Your instructions: Collect all lines below with the string "between".

Excerpts from a dataset
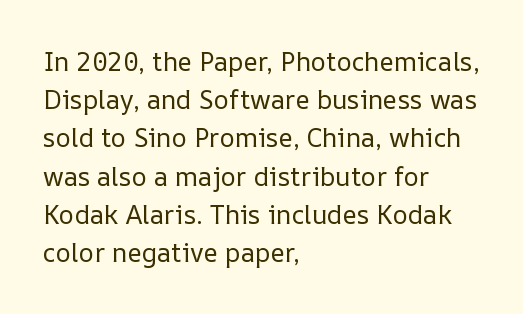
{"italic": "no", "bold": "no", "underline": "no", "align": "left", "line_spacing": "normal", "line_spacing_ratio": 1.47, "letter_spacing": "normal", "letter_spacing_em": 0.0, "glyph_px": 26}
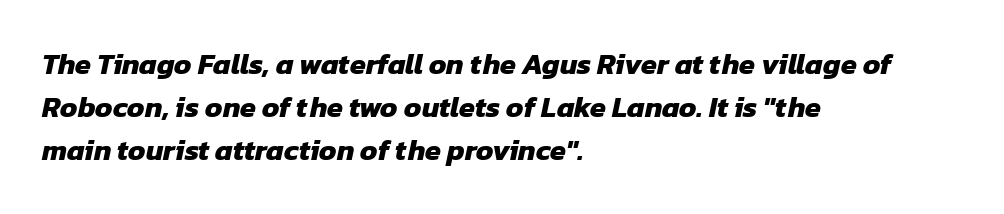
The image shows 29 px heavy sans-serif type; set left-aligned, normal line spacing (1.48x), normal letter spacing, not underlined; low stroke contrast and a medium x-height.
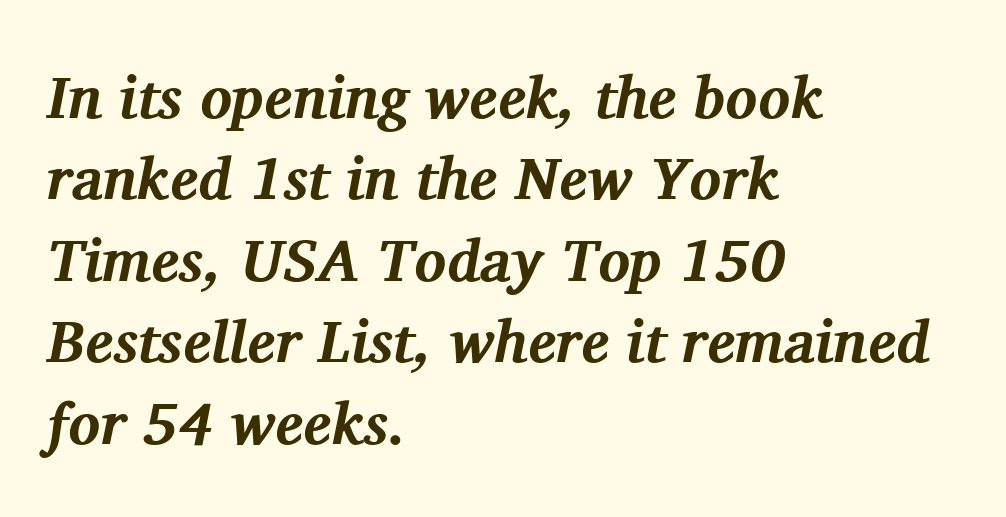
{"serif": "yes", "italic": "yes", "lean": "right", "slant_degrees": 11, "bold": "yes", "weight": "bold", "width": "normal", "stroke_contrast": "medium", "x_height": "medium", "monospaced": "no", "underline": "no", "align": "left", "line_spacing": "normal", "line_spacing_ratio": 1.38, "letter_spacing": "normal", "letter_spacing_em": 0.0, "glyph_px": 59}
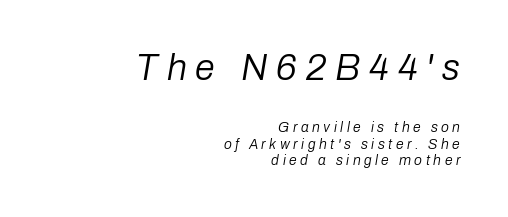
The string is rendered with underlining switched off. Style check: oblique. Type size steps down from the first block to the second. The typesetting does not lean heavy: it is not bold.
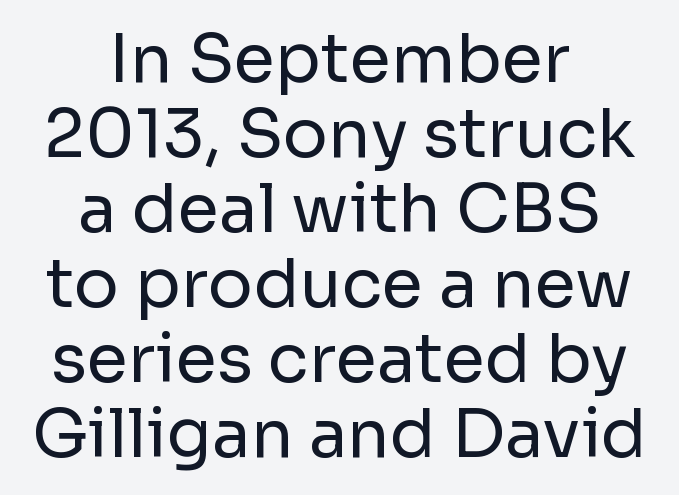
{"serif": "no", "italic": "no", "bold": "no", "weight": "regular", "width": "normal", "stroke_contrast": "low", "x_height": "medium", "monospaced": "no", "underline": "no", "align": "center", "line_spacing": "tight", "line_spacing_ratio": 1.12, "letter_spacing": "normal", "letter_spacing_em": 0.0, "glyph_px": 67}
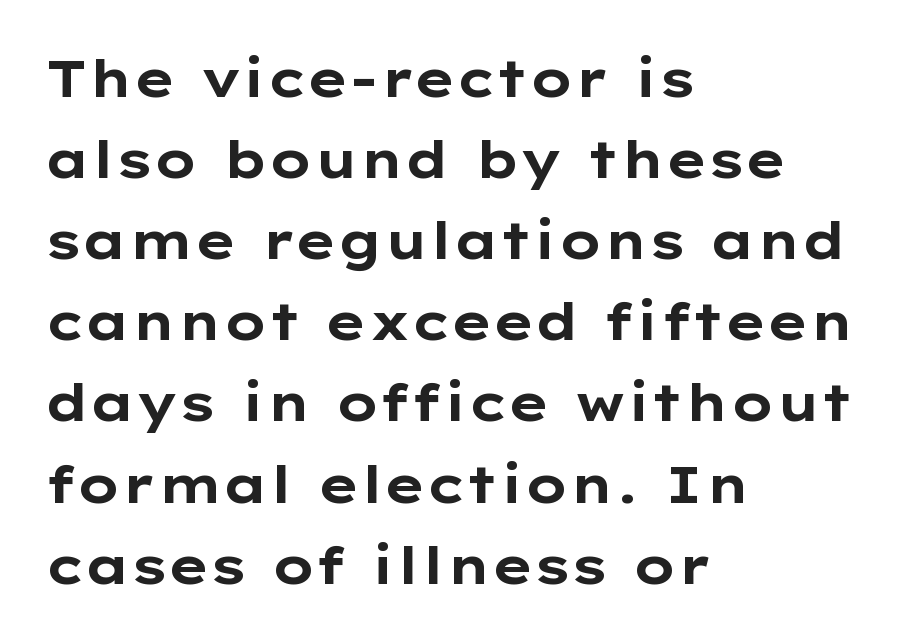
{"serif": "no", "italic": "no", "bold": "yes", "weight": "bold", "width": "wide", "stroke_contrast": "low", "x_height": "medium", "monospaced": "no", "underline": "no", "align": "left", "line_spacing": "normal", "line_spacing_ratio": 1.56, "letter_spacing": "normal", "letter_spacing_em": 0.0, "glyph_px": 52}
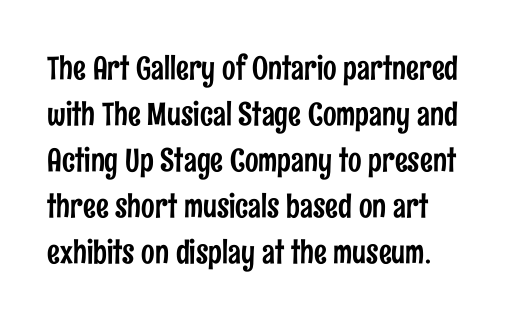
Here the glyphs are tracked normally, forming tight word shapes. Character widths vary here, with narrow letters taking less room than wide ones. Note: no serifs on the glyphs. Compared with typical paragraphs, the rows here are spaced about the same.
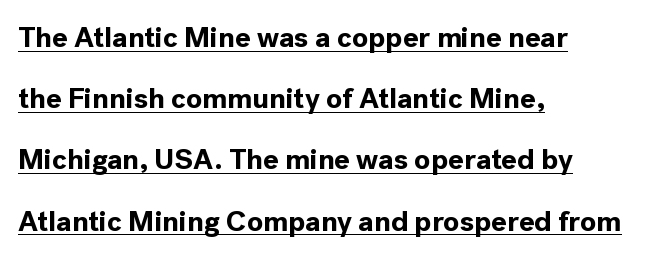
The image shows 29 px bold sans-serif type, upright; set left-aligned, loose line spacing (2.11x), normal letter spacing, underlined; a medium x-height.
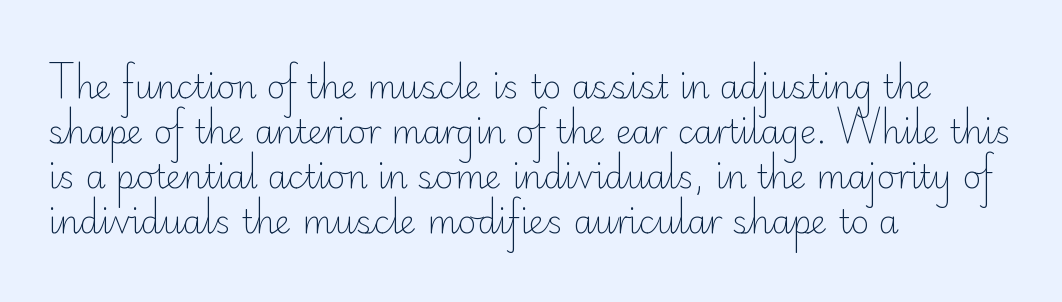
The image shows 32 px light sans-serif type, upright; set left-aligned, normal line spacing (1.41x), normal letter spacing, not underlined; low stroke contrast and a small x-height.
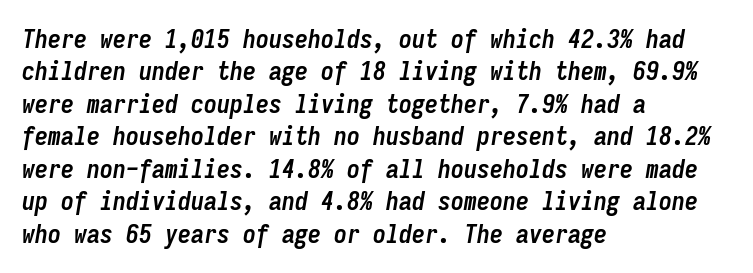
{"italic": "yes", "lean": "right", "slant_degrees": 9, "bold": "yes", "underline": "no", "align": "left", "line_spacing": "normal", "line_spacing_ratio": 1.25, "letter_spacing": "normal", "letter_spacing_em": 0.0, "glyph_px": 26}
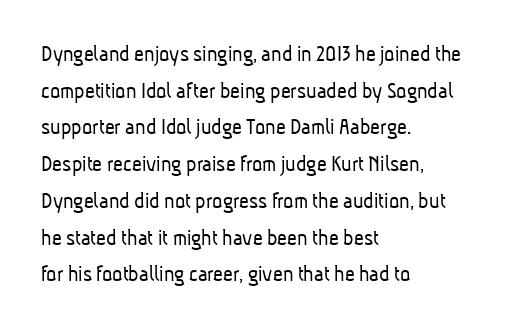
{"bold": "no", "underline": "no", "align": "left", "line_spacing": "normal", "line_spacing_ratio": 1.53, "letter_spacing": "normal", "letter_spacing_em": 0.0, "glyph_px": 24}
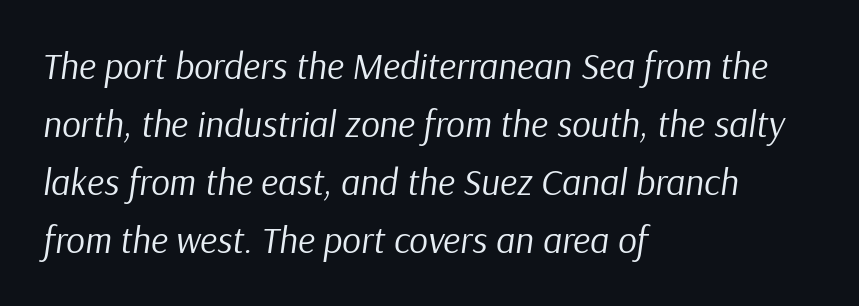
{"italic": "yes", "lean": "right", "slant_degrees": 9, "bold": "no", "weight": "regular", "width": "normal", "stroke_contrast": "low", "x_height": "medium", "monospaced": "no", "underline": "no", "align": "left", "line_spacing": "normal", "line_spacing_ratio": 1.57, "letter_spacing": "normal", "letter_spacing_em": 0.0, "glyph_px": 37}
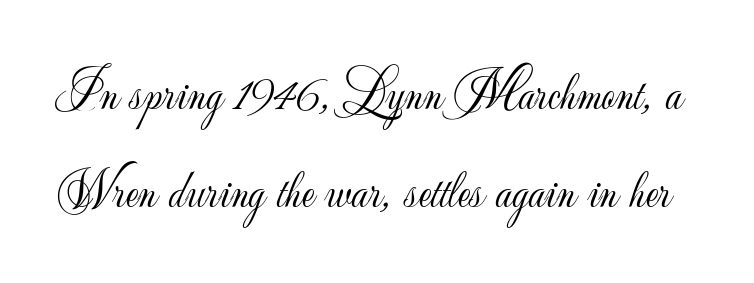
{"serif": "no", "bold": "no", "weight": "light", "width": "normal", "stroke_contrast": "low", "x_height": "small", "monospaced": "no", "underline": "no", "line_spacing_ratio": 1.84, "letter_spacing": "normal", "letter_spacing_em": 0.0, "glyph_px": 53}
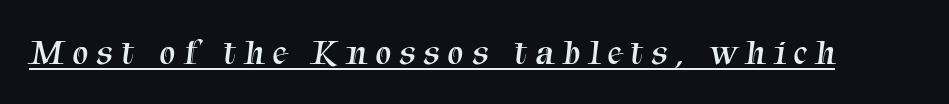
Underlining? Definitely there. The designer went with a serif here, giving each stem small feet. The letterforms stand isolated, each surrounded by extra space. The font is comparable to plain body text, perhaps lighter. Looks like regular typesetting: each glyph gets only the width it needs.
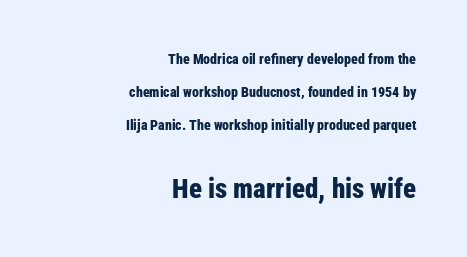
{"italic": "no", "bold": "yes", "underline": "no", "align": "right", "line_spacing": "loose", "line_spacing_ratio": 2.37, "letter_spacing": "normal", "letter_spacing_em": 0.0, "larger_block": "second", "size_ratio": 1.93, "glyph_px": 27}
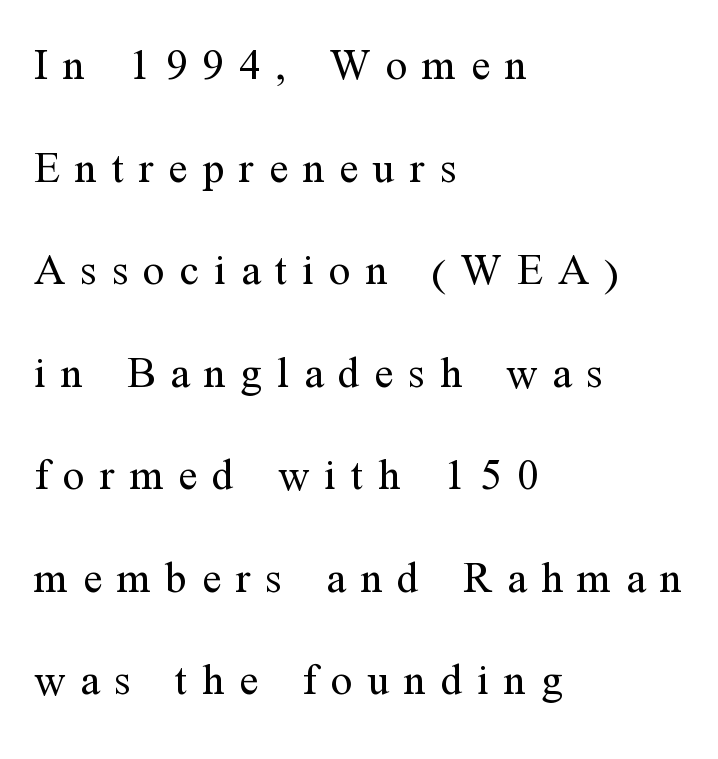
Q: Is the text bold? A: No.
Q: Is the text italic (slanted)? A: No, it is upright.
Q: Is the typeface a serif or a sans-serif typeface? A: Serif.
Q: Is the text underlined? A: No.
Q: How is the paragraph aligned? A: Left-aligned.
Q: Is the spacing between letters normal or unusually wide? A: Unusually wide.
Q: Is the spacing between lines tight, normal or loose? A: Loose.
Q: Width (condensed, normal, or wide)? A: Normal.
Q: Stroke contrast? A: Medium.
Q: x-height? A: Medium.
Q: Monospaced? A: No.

Task output:
Q: Is the spacing between letters normal or unusually wide? A: Unusually wide.
Q: Is the spacing between lines tight, normal or loose? A: Loose.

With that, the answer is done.